Dainius Razauskas (born 1960 in Vilnius) is a Lithuanian mythologist, historian of religions, writer, and translator. He is one of the leading experts of Lithuanian mythology.

His mother was Birutė Razauskienė-Daukintaitė, musician and choir leader from Samogitia (Žarėnai). Dainius Razauskas graduated from the Faculty of Mathematics and Informatics of Vilnius University. Later he studied at the Russian Academy of Sciences, where his teacher was Vladimir Toporov, a famous linguist and mythologist. In 2005 Razauskas finished his habilitation presenting his work "lexical-semantic analysis of mythological concepts of fish symbolism in Baltic-Slavic tradition (with reference to Indoiranian data)".

Since 2007 he works at the Institute of Lithuanian Literature and Folklore. He also teaches a course on Lithuanian religion and mythology at Vilnius University. Razauskas is an editor of the magazine Liaudies kultūra ("Folk culture").
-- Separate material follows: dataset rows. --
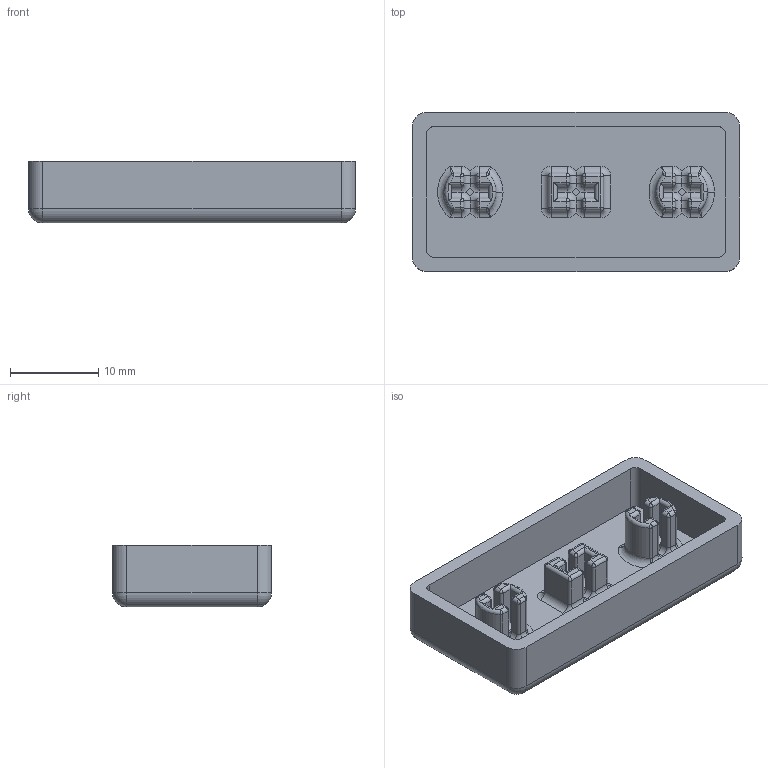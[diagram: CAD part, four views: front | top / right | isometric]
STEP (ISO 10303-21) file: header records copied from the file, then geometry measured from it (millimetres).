
FILE_DESCRIPTION(('HOOPS Exchange Step'),'2;1');
FILE_NAME('temp_export','2023-07-29T17:15:20-04:00',('jscotto'),('Shapr3D Limited'),'HOOPS Exchange 2023.1','Shapr3D','Authorized');
FILE_SCHEMA( ('AUTOMOTIVE_DESIGN { 1 0 10303 214 1 1 1 1 }') );
Length unit declared in the file: millimetre
Products named in the file (1): 2.00u
Bounding box: 37.1 x 18.05 x 7 mm (x, y, z)
Volume: 2113.5 mm3; surface area: 2929.2 mm2
Topology: 1 solids, 1 shells, 292 faces, 673 edges, 351 vertices
Faces by surface type: cylinder 136, plane 68, torus 40, bspline 36, sphere 12
Entity records: 11904 total; most frequent: CARTESIAN_POINT 5539, DIRECTION 1418, ORIENTED_EDGE 1274, EDGE_CURVE 637, AXIS2_PLACEMENT_3D 574, VERTEX_POINT 351, EDGE_LOOP 296, FACE_BOUND 296

In addition to his scientific works, he has also published a collection of short stories (Pro langą: Novelės, 1990).

In 2016 The Jonas Basanavičius award was awarded to Dainius Razauskas.

His son Domantas Razauskas is a singer-songwriter, poet.

==Major works==
- Ryto ratų ritimai: Pagrindinio kosmologinio modelio rekonstrukcija su etimologiniais priedainiais (Ritimai of Morning Wheels: Reconstruction of the Main Cosmological Model with Etymological Choirs) (2000)
- Vėjūkas: Lietuvių vėjo demono vardo ir įvaizdžio rekonstrukcija, atsižvelgiant į vieną skitų atitikmenį (osetinų wæjug / wæjyg) (Vėjūkas: Reconstruction of Name and Image of the Lithuanian Wind Damon with Regard to the one Scythian Example (Osetin wæjug / wæjyg)) (2004)
- Vytis simbolikos požiūriu: Baltas raitelis su iškeltu kalaviju raudoname lauke (Vytis in a Symbolical View: a White Rider with a Rose Sword in a Red Background) (2008)
- Pavasario daina (Vernal Song, 2010)
- Krosnis mitologijoje (Stove in Mythology) (2011)
- Visi dievai: „panteono“ sąvokos kilmė, pirminis turinys ir lietuviškas atitikmuo (All Gods: Origin of the term "Pantheon", original its meaning and Lithuanian counterpart") (2016)
- Maironis: Praamžės tradicijos dainius (Maironis. The Bard of the Perennial Tradition) (2016)
- Mitiniai vaizdiniai Donelaičio „Metuose“: Pastabos paraštėse ("Mythical images in The Seasons by Kristijonas Donelaitis: Note in the Margins") (2016)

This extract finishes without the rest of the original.